How Do Position Vectors Differ in Inertial and Rotating Frames?

[aftershock]

Homework Statement

Homework Equations

F_rotating = F_inertial + F_cor + F_cf

The Attempt at a Solution

For the inertial field: F = -qv x b -kQq/r²

For the rotating field it would be the same term plus the coriolis and centrifugal forces.

The issue I'm having trouble with is this:

The v in qv x b has to be the derivative of the position vector drawn from the inertial field right? But the position vector and its derivatives in the coriolis and centrifugal force formulas are drawn from the rotating frame right? So I can't just use one r for all the terms.

But in the solution http://www.physics.umd.edu/courses/Phys410/gates/Phys410_Solution_06.pdf it looks like that's exactly what was done... just one r?

I can't make sense of this, can anyone shed some light on it?

 

[TSny]

For the inertial field: F = -qv x b -kQq/r²

For the rotating field it would be the same term plus the coriolis and centrifugal forces.

The issue I'm having trouble with is this:

The v in qv x b has to be the derivative of the position vector drawn from the inertial field right? But the position vector and its derivatives in the coriolis and centrifugal force formulas are drawn from the rotating frame right? So I can't just use one r for all the terms.

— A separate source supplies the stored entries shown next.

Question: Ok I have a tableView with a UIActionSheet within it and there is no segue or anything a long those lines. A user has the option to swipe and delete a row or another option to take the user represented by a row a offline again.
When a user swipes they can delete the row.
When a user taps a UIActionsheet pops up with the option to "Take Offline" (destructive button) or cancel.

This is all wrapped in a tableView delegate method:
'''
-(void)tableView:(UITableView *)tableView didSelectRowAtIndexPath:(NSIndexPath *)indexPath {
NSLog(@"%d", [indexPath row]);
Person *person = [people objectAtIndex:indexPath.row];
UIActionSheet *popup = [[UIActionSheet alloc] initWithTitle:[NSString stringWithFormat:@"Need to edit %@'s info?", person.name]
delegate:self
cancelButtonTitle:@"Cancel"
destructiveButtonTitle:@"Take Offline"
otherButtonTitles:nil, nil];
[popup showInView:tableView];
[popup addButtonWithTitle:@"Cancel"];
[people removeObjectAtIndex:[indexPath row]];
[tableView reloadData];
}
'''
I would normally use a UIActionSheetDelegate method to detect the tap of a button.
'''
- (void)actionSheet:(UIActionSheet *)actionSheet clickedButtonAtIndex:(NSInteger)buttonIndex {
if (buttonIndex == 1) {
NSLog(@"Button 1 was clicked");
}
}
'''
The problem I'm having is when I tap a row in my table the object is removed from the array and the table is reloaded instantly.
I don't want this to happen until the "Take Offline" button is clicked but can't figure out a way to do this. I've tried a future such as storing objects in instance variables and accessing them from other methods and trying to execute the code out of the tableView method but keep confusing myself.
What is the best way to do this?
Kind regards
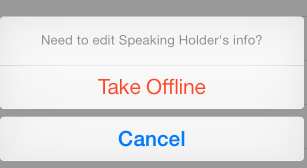
Answer: I have written a blog post about how to (and why) add block callbacks to alert views, action sheets and animations:
<URL>
Using this approach you don't have to use a delegate and can instead rewrite your 'tableView:didSelectRowAtIndexPath:' method like so:
'''
- (void)tableView:(UITableView *)tableView didSelectRowAtIndexPath:(NSIndexPath *)indexPath {
NSLog(@"%d", [indexPath row]);
Person *person = [people objectAtIndex:indexPath.row];
UIActionSheet *popup = [[UIActionSheet alloc] initWithTitle:[NSString stringWithFormat:@"Need to edit %@'s info?", person.name]
cancelButtonTitle:@"Cancel"
destructiveButtonTitle:@"Take Offline"
otherButtonTitles:nil, nil];
[popup setHandler:^(UIActionSheet *sheet, NSInteger buttonIndex) {
[people removeObjectAtIndex:[indexPath row]];
[tableView reloadData];
} forButtonAtIndex:[popup destructiveButtonIndex]];
[popup showInView:tableView];
}
'''
You can download the source files for this from GitHub:
<URL>

Right, the v in the magnetic force qv x B is the rate of change of the position vector relative to the inertial frame. However, you can express the rate of change of the position in the inertial frame in terms of the rate of change of the position in the rotating frame and in terms of $\Omega$. But note that the magnitude of the position vector, r, is the same in both frames. So, you don't need to worry about the r in the Coulomb force.